Collected data entries
○ ○ ○ ○ ○

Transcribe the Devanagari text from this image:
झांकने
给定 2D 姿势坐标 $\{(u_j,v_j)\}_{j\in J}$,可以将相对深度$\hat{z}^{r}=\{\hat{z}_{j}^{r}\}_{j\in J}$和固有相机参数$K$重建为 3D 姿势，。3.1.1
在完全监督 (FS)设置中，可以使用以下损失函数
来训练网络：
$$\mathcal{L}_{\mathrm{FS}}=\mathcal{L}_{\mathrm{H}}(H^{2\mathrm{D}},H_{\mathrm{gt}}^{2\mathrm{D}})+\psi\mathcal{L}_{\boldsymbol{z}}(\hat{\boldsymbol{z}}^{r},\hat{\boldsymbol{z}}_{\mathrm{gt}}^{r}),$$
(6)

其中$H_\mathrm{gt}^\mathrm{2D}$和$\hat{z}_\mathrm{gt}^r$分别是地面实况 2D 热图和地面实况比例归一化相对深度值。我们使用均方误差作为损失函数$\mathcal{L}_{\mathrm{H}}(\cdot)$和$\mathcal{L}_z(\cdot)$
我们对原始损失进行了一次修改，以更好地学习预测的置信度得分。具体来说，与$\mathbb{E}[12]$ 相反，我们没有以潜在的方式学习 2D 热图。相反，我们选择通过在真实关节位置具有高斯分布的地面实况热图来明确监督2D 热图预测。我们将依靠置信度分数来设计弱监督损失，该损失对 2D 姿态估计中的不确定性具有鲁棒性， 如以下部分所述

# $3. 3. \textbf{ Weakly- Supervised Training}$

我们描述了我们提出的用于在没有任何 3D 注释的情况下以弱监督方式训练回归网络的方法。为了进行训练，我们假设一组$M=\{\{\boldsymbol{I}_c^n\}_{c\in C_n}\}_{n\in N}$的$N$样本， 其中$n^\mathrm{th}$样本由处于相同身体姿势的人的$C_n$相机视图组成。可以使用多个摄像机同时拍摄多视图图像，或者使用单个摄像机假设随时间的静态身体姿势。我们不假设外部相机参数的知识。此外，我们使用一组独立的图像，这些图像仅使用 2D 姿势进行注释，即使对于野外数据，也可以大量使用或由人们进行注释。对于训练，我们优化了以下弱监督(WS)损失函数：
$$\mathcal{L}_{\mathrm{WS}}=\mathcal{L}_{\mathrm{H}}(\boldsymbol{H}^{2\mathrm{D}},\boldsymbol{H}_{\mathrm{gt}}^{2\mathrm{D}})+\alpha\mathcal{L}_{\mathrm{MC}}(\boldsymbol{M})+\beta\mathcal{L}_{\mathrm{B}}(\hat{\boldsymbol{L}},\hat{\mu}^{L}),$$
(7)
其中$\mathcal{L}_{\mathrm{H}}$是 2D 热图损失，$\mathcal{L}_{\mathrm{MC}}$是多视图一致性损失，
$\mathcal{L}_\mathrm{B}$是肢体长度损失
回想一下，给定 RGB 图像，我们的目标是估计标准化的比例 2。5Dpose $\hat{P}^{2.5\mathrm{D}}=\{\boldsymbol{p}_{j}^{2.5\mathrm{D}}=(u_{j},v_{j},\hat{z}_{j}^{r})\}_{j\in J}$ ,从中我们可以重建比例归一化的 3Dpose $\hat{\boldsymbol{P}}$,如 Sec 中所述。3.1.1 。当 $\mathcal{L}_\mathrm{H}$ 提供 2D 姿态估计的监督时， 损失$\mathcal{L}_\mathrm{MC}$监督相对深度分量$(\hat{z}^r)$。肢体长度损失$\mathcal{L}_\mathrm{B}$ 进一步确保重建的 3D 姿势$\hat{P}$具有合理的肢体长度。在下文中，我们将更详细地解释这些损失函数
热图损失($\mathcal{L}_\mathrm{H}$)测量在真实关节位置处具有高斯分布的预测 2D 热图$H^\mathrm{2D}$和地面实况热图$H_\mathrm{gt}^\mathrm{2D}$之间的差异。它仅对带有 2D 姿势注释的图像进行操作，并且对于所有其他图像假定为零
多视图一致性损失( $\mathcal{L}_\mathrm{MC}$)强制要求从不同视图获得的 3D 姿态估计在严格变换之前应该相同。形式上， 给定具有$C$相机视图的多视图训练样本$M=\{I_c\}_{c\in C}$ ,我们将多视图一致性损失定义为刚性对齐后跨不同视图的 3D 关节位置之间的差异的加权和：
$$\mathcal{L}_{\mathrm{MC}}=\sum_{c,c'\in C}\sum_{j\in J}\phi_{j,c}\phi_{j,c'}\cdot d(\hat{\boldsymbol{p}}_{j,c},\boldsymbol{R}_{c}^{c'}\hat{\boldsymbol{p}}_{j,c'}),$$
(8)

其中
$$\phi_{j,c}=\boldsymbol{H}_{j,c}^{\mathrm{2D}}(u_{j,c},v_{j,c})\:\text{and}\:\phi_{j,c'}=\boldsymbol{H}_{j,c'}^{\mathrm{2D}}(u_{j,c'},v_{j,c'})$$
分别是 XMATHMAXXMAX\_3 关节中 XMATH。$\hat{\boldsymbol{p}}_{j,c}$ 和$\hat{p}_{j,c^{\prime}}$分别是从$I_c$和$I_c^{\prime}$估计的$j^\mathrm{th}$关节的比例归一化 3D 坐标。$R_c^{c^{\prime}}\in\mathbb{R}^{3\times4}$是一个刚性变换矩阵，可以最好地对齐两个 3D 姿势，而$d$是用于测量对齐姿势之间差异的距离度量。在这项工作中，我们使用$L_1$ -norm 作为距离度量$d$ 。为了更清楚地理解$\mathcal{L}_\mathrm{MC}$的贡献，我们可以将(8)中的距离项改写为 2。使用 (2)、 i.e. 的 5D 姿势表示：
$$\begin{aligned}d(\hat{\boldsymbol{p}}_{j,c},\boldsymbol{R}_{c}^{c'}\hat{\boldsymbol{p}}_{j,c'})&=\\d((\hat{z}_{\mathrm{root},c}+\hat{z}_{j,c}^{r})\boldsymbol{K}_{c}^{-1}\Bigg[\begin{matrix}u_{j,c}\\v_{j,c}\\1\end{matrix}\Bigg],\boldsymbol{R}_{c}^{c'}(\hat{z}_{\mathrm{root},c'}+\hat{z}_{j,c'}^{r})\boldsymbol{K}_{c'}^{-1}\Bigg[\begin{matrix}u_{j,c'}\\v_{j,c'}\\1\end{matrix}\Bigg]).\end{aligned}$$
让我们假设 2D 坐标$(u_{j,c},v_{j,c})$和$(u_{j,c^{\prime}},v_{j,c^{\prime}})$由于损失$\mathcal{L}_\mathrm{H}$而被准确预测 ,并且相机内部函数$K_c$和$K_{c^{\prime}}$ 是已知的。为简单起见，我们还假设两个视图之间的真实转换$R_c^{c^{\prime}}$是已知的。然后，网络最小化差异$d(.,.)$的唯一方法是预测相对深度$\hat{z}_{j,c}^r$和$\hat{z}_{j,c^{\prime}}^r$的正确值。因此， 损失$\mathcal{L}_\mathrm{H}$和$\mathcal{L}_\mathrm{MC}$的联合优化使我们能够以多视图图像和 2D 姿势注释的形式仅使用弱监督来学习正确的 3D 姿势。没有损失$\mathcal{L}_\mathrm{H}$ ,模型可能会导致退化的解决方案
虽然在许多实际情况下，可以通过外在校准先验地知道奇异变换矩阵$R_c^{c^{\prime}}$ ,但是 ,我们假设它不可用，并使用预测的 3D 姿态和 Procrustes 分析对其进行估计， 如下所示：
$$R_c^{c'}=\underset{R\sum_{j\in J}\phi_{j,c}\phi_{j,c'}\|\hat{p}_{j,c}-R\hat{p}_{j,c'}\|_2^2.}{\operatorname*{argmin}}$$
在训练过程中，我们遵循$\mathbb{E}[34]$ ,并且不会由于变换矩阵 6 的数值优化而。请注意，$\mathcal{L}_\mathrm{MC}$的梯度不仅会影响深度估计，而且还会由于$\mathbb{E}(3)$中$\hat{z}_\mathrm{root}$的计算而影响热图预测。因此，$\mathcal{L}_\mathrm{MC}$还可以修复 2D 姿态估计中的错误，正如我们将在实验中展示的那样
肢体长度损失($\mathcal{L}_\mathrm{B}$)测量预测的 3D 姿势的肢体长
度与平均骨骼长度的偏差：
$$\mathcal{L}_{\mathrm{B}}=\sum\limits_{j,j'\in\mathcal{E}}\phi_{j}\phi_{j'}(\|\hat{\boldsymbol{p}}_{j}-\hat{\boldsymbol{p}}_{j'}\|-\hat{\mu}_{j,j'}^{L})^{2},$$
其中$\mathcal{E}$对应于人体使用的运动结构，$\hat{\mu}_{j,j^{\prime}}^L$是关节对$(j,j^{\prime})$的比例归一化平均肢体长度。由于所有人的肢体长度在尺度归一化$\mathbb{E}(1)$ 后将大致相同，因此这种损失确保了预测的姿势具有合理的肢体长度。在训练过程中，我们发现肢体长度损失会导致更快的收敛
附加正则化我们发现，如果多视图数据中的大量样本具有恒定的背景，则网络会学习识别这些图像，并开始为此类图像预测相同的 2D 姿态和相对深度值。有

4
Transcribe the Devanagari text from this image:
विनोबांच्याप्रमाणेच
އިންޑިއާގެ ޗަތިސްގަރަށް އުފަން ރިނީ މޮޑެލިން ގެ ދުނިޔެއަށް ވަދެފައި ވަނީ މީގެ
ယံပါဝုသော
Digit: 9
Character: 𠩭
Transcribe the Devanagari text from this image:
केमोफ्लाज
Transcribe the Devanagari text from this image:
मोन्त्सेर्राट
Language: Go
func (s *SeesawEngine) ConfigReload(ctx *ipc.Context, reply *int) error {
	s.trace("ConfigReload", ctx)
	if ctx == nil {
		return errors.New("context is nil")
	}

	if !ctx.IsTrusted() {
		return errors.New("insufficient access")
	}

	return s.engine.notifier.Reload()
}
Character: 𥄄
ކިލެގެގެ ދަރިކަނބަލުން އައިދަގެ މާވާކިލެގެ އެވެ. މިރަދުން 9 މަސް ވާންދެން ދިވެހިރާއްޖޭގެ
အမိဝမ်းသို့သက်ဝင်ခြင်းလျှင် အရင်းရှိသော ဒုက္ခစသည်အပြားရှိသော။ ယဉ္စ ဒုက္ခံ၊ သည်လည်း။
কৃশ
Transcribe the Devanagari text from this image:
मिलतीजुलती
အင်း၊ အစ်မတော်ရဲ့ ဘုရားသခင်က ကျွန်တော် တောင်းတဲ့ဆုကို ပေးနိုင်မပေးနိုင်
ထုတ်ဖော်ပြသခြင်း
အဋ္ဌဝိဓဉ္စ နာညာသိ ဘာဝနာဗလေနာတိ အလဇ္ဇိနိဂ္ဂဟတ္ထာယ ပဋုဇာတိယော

○ ○ ○ ○ ○

*WORK INSTRUCTION*
Look for the string "errors" in the data above and return every line that has it.

*RESULT*
		return errors.New("context is nil")
		return errors.New("insufficient access")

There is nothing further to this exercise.